# Input material
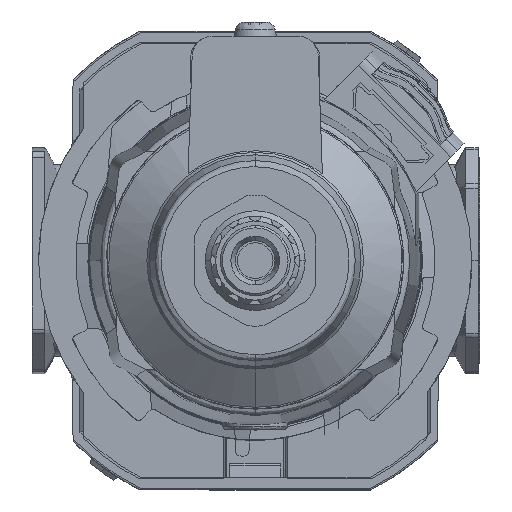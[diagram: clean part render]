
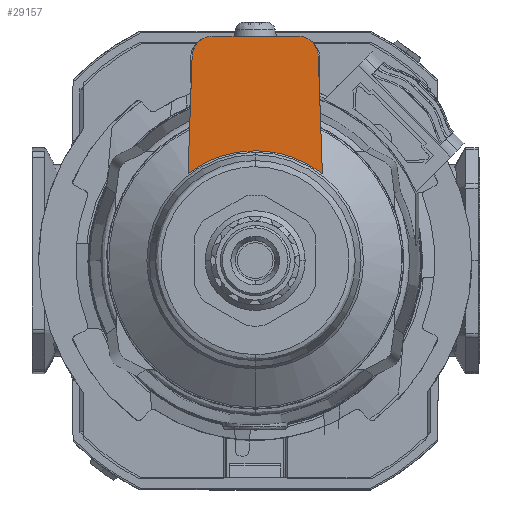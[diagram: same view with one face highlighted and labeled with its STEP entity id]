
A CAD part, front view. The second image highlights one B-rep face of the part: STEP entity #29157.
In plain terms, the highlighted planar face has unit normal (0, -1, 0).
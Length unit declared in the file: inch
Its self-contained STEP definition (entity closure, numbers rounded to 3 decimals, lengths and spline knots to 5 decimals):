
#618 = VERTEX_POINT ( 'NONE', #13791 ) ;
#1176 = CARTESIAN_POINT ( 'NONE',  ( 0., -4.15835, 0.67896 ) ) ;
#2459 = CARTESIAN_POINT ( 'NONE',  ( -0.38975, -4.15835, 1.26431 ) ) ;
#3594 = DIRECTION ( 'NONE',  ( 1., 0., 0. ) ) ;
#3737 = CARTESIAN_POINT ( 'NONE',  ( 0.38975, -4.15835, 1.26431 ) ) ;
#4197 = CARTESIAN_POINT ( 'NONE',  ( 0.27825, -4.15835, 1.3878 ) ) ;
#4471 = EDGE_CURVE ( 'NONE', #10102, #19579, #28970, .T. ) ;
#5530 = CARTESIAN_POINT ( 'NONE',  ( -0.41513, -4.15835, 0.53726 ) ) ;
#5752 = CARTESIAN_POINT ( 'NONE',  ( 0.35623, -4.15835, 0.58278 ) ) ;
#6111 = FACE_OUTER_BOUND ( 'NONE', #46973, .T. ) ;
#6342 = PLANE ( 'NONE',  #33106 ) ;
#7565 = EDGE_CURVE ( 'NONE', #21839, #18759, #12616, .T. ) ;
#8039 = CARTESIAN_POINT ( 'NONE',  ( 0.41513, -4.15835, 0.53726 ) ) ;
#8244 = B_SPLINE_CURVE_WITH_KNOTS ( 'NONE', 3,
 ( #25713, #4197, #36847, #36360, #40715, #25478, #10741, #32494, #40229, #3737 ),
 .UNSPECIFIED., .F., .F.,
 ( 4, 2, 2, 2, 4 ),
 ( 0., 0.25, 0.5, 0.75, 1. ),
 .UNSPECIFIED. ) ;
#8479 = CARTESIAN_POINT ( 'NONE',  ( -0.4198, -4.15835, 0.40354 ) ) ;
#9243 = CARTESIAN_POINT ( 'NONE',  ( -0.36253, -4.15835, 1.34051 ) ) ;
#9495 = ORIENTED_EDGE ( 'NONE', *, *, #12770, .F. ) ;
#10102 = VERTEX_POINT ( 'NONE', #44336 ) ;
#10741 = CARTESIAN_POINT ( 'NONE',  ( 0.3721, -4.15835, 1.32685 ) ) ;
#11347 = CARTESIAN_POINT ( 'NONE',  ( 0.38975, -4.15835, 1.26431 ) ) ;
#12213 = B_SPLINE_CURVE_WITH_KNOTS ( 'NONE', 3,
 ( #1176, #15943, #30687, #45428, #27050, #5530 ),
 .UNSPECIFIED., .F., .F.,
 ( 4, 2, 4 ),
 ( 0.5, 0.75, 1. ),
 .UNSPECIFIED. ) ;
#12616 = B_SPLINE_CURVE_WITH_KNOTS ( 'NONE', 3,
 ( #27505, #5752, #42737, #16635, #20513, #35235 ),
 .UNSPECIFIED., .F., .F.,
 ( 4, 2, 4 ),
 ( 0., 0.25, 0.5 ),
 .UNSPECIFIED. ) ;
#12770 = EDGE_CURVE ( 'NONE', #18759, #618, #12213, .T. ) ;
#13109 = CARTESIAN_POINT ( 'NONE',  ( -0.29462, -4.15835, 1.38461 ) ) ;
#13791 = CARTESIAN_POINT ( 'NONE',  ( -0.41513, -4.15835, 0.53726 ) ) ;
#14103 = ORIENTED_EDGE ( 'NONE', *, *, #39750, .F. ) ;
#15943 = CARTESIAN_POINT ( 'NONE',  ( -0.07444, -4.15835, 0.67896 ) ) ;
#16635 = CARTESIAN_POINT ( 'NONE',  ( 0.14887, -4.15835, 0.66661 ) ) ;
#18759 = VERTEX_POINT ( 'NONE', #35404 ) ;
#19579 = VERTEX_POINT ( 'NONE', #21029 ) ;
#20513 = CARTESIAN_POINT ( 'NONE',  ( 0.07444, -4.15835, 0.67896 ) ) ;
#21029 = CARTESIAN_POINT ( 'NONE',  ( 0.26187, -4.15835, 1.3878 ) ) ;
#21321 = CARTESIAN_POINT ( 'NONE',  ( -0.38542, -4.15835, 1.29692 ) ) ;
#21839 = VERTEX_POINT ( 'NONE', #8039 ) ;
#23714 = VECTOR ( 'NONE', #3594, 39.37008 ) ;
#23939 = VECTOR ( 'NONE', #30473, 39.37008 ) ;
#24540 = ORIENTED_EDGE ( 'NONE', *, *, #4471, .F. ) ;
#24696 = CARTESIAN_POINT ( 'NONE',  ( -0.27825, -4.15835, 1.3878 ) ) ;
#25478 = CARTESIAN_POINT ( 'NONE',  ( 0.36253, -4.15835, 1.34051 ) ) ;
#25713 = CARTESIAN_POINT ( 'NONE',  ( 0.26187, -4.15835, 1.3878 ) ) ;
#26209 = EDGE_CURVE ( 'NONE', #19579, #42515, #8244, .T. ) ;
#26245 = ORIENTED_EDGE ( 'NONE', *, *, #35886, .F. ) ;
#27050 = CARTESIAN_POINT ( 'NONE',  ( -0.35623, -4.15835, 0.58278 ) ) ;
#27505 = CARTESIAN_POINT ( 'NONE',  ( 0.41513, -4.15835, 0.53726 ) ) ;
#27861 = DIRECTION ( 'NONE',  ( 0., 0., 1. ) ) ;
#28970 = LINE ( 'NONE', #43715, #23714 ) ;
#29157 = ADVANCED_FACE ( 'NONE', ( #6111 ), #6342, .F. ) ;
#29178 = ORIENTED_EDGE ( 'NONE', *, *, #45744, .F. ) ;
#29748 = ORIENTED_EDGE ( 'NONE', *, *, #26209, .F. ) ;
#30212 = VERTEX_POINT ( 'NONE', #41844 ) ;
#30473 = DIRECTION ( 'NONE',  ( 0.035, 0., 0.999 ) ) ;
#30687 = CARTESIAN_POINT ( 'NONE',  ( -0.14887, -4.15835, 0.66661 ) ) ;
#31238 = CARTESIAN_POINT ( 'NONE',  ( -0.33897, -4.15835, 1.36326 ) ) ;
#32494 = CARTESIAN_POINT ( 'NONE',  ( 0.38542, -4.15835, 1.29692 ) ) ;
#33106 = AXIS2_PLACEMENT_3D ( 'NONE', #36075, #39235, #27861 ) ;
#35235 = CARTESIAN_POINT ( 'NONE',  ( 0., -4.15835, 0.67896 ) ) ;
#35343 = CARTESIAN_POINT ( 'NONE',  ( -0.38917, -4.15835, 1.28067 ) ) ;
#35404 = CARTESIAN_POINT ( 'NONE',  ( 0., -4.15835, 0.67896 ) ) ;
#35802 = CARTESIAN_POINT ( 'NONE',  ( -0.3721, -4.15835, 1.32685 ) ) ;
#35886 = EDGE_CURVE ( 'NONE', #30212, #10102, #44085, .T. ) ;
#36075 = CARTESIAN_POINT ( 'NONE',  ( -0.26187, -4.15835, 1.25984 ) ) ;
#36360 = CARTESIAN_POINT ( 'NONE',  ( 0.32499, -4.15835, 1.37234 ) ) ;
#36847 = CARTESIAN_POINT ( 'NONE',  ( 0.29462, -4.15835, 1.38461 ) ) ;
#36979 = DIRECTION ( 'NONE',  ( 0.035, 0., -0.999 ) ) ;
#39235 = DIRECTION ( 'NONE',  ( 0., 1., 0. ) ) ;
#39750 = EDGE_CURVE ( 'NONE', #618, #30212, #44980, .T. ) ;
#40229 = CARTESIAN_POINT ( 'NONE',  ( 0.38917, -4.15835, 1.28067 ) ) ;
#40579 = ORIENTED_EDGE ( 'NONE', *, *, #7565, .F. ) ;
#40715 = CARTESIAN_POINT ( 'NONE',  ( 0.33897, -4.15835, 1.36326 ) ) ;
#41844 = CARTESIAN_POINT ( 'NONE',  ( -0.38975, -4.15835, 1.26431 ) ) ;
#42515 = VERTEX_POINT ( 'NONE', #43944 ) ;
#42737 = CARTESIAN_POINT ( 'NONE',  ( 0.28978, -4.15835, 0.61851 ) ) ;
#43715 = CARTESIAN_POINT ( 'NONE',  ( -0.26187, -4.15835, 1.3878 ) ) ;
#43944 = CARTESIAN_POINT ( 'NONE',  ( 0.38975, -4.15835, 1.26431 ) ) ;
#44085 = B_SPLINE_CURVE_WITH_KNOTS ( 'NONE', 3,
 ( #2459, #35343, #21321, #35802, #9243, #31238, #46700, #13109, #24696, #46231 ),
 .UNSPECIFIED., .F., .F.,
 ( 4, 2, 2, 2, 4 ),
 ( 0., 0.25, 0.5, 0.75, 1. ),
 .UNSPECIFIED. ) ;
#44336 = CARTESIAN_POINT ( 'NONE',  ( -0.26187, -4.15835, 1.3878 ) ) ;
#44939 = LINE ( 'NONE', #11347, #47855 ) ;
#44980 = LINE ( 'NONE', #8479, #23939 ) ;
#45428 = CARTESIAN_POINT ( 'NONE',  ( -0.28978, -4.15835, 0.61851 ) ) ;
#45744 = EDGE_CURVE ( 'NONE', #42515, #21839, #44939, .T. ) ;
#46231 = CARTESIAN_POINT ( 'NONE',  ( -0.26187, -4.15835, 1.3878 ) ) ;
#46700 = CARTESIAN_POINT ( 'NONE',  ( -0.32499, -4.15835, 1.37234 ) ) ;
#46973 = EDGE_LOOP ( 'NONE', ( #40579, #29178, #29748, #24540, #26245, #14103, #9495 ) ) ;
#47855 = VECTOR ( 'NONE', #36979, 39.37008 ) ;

# Problem requirements
With the data above as the source, tally the lines that include the string "VECTOR", and give that figure alone.

# Exercise output
3